In the meantime, the 7900 XT might be a chip off the block, with fewer CUs, much less VRAM, and decrease clockspeeds. All instructed we’re 84CUs paired with 20GB of 20Gbps GDDR6, and backed by an 80MB infinity cache. The cardboard’s sport clockspeed ranking is 2.0GHz, and we shouldn’t have any info on the increase clockspeed. The mixture of a 13% drop in clockspeeds and 13% drop in CUs provides up to what’s, on paper, a 24% deficit in compute/shading efficiency. That stated, AMD’s pricing signifies that the real-world efficiency hole shouldn’t be this excessive, and we’re nonetheless lacking some necessary particulars equivalent to ROP counts. So for higher or worse, we don’t have a superb body of reference fright now for a way the 7900 XT will carry out relative to the rest, current-generation or final.
Unsurprisingly, energy consumption on the excessive finish might be going up. The 7900 XTX might be a 355W card, up 20W from the 335W 6950 XT (and 55W from the 300W 6900 XT). This can be a extra modest energy requirement than on NVIDIA’s high-end RTX 4090 Ti (450W), however we’re nonetheless speaking a couple of card properly north of 300W. For players with a barely smaller urge for food for big energy payments, the 7900 XT might be holding the road at 300W. Each playing cards would require 2 8-pin PCIe energy connectors.
AMD has additionally despatched over footage of each the reference 7900 XTX and 7900 XT. Of specific word, each playing cards will characteristic, for the primary time for an AMD shopper card, a USB-C port for show outputs. Nonetheless not like NVIDIA’s earlier enterprise on this subject, this isn’t for VR use, however as an alternative for extra instantly hooking up displays that depend on DisplayPort Alt Mode over USB-C. Rounding out the gathering might be a paid of DisplayPorts (2.1) and an HDMI 2.1 port.
Each playing cards are utilizing a brand new triple fan blower design from AMD. We’re nonetheless ready on additional particulars right here, however AMD has instructed us that the 7900 XTX measures 287mm lengthy, and is 2.5 slots extensive.

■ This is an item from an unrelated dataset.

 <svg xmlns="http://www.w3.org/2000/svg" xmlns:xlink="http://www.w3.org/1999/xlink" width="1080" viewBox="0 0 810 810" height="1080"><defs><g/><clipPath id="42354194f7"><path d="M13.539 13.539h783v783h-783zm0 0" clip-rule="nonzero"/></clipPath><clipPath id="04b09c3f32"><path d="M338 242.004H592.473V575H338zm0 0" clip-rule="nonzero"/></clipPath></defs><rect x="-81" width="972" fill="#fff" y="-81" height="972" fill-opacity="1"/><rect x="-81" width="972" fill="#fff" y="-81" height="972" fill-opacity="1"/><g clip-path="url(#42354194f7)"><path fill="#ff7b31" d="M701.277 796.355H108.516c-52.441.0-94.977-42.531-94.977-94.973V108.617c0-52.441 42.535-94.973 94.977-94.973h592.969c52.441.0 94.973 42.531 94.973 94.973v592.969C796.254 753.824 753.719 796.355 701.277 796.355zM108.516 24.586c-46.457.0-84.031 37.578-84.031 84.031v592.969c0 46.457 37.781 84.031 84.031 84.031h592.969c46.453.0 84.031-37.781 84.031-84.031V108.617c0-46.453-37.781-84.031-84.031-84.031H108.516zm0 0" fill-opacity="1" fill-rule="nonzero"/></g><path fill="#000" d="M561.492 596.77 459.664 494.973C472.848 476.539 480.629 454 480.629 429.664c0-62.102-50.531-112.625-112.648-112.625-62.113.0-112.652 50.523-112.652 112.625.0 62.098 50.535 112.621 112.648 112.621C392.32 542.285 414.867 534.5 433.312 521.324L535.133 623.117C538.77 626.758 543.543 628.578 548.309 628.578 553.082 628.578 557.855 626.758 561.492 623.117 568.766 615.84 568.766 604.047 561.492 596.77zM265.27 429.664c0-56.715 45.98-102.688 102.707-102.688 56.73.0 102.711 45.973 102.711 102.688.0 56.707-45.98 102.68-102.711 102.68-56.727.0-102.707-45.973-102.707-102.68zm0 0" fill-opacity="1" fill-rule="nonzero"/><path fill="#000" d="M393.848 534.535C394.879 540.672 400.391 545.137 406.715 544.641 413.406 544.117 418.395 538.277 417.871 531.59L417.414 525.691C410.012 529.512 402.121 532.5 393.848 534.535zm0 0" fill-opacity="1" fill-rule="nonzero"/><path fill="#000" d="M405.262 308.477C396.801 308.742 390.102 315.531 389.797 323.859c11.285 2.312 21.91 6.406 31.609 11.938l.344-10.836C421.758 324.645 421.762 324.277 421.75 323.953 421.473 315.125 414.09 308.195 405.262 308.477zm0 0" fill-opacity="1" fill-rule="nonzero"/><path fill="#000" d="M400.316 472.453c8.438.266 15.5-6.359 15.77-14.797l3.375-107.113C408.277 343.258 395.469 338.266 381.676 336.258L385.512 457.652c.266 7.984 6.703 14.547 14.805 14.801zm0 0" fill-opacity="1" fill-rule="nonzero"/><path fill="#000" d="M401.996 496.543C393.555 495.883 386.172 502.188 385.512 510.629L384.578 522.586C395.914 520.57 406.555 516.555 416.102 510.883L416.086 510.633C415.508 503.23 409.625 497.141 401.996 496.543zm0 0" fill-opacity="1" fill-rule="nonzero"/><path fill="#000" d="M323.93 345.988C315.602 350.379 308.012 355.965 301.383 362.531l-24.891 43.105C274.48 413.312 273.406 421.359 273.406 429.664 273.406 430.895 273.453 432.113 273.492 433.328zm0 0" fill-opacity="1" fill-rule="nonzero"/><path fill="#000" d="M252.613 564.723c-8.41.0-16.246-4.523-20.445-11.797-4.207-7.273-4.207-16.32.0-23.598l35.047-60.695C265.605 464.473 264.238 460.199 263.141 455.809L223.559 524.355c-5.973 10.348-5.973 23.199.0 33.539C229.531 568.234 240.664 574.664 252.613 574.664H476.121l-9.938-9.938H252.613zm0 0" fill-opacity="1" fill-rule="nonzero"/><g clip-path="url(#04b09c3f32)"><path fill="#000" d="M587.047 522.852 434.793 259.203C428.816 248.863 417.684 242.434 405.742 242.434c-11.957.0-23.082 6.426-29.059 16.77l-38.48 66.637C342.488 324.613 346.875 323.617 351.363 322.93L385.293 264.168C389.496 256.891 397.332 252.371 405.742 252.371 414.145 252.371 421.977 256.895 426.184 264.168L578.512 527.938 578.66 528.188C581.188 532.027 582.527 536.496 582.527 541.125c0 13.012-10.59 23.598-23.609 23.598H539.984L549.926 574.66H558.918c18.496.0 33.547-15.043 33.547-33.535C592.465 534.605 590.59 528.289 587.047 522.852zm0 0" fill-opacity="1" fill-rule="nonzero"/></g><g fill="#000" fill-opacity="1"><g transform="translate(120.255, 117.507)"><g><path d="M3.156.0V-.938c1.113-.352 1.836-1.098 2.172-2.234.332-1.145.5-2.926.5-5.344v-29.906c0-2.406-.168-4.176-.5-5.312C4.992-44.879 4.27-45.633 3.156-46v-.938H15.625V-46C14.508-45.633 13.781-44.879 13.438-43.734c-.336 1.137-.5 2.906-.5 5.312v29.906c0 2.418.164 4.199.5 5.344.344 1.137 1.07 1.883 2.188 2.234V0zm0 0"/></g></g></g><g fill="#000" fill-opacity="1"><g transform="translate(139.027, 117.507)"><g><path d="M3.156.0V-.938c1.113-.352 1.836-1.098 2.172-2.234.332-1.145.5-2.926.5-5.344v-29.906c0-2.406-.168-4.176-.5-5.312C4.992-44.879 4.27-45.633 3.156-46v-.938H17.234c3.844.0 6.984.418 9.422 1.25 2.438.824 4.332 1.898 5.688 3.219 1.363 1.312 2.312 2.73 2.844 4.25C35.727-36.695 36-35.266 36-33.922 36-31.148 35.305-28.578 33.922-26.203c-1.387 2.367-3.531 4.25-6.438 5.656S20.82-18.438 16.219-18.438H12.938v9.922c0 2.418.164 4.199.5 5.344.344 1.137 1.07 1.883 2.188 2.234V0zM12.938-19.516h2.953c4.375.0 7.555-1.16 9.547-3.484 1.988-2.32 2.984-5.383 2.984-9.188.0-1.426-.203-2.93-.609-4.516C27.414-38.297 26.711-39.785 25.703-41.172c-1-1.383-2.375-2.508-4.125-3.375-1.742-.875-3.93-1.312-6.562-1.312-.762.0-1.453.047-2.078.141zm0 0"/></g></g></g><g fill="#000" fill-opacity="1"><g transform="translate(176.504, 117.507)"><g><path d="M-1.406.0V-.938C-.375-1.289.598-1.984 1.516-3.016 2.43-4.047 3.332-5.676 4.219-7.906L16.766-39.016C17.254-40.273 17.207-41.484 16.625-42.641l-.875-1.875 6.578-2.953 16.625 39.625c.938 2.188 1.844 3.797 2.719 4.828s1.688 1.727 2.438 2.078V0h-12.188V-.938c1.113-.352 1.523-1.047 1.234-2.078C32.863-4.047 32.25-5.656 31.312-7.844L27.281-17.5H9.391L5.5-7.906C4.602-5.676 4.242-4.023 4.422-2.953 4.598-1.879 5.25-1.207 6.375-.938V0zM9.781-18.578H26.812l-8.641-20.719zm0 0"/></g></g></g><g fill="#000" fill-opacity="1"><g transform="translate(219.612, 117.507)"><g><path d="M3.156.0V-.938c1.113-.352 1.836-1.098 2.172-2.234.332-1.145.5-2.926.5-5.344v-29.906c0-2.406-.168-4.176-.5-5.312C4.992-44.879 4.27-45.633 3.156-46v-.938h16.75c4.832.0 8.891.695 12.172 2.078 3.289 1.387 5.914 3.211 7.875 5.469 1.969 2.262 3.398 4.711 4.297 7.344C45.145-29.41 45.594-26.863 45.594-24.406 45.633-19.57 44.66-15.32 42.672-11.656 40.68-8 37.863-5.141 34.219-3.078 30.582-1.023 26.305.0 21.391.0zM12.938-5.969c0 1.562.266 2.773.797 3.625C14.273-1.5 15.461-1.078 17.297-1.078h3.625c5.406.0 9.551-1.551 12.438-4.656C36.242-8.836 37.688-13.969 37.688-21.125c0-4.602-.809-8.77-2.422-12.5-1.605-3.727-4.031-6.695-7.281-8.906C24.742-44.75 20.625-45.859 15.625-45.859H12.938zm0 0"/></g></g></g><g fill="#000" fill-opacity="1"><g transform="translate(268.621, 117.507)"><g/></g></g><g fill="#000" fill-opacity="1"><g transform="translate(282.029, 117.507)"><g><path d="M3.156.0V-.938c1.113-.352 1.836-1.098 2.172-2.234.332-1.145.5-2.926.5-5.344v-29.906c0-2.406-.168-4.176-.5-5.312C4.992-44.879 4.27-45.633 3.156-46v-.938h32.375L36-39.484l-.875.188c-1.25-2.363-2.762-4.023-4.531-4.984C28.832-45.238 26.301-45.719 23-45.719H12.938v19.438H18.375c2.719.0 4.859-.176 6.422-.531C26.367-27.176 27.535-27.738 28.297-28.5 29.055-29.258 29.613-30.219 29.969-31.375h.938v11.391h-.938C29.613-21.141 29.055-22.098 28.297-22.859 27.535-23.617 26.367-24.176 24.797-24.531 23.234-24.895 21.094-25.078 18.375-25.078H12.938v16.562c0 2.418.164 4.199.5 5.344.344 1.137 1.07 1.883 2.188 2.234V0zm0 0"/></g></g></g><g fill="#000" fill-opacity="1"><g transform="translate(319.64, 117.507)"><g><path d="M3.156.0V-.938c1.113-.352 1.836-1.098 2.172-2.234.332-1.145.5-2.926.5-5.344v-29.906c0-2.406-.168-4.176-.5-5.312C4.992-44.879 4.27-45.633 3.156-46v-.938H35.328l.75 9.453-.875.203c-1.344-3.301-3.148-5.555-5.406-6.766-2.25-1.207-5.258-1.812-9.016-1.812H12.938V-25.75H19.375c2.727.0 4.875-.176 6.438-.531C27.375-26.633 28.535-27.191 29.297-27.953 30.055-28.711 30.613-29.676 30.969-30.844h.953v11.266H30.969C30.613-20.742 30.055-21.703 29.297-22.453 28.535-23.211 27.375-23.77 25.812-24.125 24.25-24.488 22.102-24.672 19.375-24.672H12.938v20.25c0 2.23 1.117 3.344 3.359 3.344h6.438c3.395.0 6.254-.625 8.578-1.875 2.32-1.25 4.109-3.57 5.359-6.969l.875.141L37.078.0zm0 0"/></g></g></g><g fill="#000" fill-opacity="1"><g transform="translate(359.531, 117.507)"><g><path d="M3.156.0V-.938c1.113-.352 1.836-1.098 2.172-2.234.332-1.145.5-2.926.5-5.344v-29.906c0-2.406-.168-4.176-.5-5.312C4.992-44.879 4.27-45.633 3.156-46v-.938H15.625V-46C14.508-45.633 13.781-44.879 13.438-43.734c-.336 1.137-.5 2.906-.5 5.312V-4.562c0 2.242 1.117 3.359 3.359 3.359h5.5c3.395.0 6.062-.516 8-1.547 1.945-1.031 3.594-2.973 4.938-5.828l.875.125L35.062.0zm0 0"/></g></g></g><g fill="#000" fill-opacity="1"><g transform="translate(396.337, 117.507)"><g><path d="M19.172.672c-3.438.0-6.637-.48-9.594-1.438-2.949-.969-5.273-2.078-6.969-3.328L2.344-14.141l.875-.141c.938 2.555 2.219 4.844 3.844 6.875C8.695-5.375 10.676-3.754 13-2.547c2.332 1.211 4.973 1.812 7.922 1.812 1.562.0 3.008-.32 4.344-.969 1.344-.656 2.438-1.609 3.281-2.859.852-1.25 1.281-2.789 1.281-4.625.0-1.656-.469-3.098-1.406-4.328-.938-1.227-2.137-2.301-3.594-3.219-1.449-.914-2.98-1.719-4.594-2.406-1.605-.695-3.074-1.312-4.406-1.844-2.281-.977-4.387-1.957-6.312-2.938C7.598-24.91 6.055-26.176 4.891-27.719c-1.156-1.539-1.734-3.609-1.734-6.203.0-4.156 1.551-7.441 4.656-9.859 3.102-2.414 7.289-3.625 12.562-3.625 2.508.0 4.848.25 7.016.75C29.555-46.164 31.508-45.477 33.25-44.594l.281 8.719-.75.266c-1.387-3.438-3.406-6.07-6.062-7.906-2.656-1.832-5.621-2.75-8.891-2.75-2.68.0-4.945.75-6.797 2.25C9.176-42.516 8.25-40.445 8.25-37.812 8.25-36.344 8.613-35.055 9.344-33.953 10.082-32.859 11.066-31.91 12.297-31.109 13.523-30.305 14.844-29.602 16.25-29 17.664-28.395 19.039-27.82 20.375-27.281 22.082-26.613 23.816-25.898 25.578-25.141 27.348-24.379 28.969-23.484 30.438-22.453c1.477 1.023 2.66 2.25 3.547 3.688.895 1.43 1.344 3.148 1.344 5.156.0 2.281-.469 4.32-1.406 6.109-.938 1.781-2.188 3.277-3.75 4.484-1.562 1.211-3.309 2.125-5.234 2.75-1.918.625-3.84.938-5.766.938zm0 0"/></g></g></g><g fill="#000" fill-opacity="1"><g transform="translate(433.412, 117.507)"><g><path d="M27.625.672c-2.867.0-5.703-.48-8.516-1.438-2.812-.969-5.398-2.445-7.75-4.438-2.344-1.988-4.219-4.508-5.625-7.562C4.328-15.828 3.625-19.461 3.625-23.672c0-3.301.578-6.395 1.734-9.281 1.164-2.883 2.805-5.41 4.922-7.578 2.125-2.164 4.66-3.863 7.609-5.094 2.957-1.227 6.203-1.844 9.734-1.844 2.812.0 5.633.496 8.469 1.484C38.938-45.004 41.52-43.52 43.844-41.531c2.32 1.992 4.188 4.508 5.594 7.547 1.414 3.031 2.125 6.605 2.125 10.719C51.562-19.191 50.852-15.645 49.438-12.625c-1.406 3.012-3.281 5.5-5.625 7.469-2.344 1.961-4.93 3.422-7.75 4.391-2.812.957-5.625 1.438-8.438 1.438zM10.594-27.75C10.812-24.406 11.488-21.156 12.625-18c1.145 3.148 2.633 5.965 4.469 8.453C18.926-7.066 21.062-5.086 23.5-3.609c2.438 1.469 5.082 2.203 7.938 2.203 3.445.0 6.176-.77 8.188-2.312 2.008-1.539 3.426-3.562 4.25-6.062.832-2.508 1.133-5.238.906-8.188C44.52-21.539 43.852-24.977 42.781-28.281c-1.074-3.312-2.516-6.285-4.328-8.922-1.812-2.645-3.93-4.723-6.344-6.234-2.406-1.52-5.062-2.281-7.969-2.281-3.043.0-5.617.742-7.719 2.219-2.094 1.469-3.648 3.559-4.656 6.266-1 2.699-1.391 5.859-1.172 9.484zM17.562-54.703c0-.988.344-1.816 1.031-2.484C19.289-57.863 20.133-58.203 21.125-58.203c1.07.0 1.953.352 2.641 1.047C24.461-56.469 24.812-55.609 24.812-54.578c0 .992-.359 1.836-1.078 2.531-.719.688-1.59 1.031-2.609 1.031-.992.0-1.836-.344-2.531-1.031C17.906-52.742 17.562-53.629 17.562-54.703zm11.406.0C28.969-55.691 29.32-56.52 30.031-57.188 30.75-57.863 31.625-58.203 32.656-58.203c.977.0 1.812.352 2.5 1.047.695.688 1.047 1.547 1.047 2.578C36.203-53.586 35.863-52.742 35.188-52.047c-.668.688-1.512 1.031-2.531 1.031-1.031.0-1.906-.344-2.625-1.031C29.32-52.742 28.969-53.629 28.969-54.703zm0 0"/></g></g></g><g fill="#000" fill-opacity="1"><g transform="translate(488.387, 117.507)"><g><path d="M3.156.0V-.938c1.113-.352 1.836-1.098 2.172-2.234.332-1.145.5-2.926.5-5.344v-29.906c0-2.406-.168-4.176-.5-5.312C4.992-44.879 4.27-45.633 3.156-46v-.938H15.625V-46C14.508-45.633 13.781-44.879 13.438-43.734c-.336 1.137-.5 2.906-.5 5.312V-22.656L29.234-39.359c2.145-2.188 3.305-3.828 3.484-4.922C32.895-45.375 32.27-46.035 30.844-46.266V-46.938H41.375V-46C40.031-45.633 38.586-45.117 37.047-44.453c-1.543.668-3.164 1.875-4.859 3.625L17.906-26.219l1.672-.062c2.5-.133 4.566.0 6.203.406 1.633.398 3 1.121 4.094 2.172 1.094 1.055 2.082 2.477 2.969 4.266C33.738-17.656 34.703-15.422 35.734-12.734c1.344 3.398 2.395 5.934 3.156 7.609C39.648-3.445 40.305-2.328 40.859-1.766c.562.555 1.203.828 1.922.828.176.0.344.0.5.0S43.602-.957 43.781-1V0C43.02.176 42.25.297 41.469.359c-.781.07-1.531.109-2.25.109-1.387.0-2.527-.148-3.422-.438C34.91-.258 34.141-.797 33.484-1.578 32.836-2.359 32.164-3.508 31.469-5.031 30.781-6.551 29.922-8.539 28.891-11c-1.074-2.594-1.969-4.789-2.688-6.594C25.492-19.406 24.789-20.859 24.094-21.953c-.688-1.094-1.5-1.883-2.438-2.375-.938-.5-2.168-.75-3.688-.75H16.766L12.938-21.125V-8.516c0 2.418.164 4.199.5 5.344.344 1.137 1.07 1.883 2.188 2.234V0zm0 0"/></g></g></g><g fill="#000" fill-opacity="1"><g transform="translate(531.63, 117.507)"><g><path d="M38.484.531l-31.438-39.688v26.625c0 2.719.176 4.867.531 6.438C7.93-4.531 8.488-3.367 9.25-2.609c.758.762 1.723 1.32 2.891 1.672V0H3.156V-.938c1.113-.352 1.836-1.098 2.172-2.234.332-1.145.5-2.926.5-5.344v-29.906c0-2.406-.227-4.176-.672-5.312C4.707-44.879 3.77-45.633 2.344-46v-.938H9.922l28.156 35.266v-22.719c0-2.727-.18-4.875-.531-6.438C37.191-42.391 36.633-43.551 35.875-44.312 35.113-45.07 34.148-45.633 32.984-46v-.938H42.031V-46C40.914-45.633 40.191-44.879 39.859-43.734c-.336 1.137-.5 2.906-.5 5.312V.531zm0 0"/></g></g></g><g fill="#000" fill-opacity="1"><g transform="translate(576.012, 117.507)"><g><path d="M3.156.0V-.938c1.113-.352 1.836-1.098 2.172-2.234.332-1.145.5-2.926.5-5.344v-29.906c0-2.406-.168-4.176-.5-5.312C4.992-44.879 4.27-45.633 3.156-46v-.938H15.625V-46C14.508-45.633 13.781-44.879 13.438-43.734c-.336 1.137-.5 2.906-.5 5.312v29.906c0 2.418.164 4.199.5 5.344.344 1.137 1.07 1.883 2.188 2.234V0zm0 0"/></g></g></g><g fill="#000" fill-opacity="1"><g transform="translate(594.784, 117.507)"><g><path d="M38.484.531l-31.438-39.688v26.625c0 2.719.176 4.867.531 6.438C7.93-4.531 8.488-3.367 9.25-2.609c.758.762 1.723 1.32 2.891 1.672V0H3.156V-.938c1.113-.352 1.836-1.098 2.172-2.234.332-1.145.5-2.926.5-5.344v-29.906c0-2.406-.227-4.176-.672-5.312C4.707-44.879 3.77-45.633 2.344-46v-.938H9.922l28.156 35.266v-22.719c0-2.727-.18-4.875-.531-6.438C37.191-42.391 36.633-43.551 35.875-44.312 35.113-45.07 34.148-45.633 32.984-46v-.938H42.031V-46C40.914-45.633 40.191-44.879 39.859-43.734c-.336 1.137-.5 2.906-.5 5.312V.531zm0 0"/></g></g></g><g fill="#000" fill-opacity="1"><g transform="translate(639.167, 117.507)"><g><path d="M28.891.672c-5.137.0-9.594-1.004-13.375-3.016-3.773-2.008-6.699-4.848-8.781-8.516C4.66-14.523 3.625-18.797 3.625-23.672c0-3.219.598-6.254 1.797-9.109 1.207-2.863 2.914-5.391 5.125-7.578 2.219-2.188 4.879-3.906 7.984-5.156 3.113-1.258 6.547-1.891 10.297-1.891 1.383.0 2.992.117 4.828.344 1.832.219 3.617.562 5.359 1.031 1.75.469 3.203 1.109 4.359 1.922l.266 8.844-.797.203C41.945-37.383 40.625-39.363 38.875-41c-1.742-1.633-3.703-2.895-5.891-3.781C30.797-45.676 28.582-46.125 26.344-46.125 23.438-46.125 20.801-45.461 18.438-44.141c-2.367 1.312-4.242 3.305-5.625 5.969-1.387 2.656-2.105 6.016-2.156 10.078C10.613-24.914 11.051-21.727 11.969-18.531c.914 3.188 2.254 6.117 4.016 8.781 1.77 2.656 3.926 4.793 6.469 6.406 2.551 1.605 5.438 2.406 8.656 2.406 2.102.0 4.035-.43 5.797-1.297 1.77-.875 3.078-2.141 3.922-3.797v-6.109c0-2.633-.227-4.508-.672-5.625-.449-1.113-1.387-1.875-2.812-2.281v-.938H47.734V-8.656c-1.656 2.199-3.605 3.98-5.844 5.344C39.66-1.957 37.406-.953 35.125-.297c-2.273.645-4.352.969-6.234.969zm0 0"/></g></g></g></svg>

Wrapping issues up, each playing cards might be launching on December 13th, with AMD planning on having each reference and AIB companions’ playing cards on the shelf for launch day. The 7900 XTX will begin at $999, in the meantime the 7900 XT might be proper behind it at $899. AMD isn’t providing any efficiency comparisons versus NVIDIA playing cards, however at this juncture it looks like the wildcard is the soon-to-launch GeForce RTX 4080 16GB. By the point AMD launches in December, we should always have a a lot better concept of the place AMD and NVIDIA’s dueling lineups stand compared to one another.